1. **Single Task Processing**: Tasks are processed sequentially to manage GPU memory effectively
2. **Multi-GPU Support**: Distributes inference across available GPUs for parallelization
3. **Connection Pooling**: Reuses HTTP connections to reduce overhead
4. **Streaming Responses**: Large files are streamed to avoid memory issues
5. **Queue Management**: Automatic task cleanup prevents memory leaks
6. **Process Isolation**: Distributed workers run in separate processes for stability

## Monitoring and Debugging

### Logging

The server uses `loguru` for structured logging.
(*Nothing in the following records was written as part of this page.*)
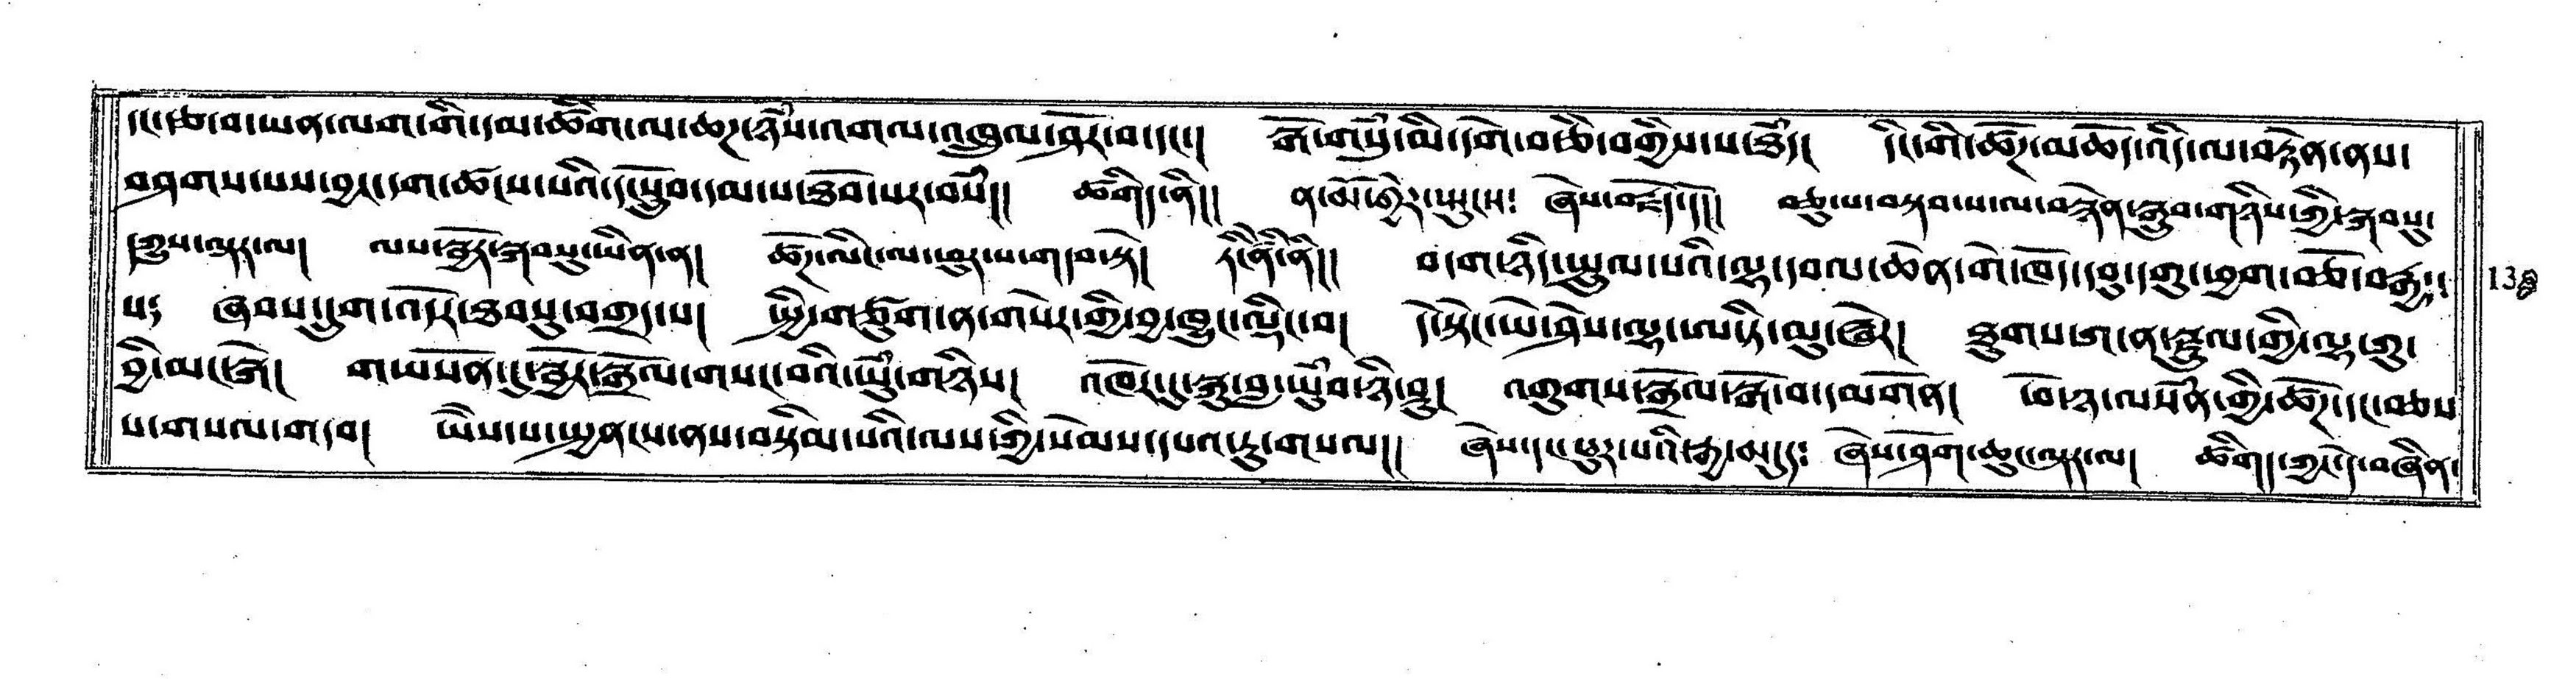དང་རྩ་བ་ཡན་ལག་གི་དམ་ཚིག་ལ་ཆགས་ཉམས་འགལ་འཁྲུལ་ཤོར་བ་དང་། སྒོ་གསུམ་མི་དགེ་བ་ཅི་བགྱིས་པ་ཐམས་ཅད། དིང་གི་ཚོགས་མཆོད་འདི་ལ་བརྟེན་ནས་
བཤགས་པས་བྱང་དག་ཚངས་པའི་དངོས་གྲུབ་དམ་པ་ཐོབ་པར་བསམ།། ཚིག་བཤད་ནི། ན་མོ་གྱེར་སྤུངས༴ ཞེས་བརྗོད་དོ།། བཅུ་པ་བསྟབ་པ་ལ་བསྙེན་སྒྲུབ་གཉིས་ཀྱི་སྐབས་སུ་
དཀྱུས་ལྟར་ལ། ལས་སྦྱོར་སྐབས་སུ་ཡིན་ན། ཚོགས་ལིང་ལ་ཕུར་པ་གདབ་སྟེ། ཏིང་ངེ་འཛིན་ནི།། བདག་ཉིད་སྤྲུལ་པའི་ལྷ་དབལ་ཆེན་གེ་ཁོད་དབུ་དགུ་ཕྱག་བཅོ་བརྒྱད་
པ། ཞབས་དྲུག་འདོར་ཐབས་སུ་བགྲད་པ། སྤྱི་གཙུག་ན་གསེར་གྱི་བྱ་ཁྱུང་ལྡིང་བ། དེ་སྟེང་ཡེ་ཤེས་ཀྱི་ལྷ་ཨ་ཏི་མུ་ཝེར། ཐུགས་ཀ་ན་རྫུ་འཕྲུལ་གྱི་ལྷ་ཀུ་
བྱི་མང་སྐེ། གཡས་གཡོན་དུ་སྦྱོར་སྒྲོལ་གསང་བའི་ཡུམ་གཉིས། འཁོར་དུ་སྐུ་བླ་ཡབ་ཡུམ་ཉི་ཤུ། འགུགས་སྒྲོལ་སྒོ་བ་དམག་དཔོན། ཕོ་ཉ་ལས་མཁན་གྱི་ཚོགས་དང་བཅས་
པ་གསལ་གདབ། ཡེ་ཤེས་པ་སྤྱན་དྲངས་ནས་བསྟིམ་པའི་ལས་ཀྱི་སེམས་དཔའ་རུ་གསལ།། ཞེས་དང་ཕུར་པའི་རྒྱ་མདུད༴ ཞེས་ཤོག་ཆུང་ལྟར་ལ། ཚིག་བཤད་ཀྱང་དེ་བཞིན་

Logs include:

- Request/response details
- Task lifecycle events
- Worker process status
- Error traces with context

### Health Checks

- `/v1/service/status` - Overall service health
- `/v1/tasks/queue/status` - Queue status and processing state
- Process monitoring via system tools (htop, nvidia-smi)

### Common Issues

1. **GPU Out of Memory**: Reduce `nproc_per_node` or adjust model batch size
2. **Task Timeout**: Increase `LIGHTX2V_TASK_TIMEOUT` for longer videos
3. **Queue Full**: Increase `LIGHTX2V_MAX_QUEUE_SIZE` or add rate limiting

## Security Considerations

1. **Input Validation**: All inputs validated with Pydantic schemas

## License

See the main project LICENSE file for licensing information.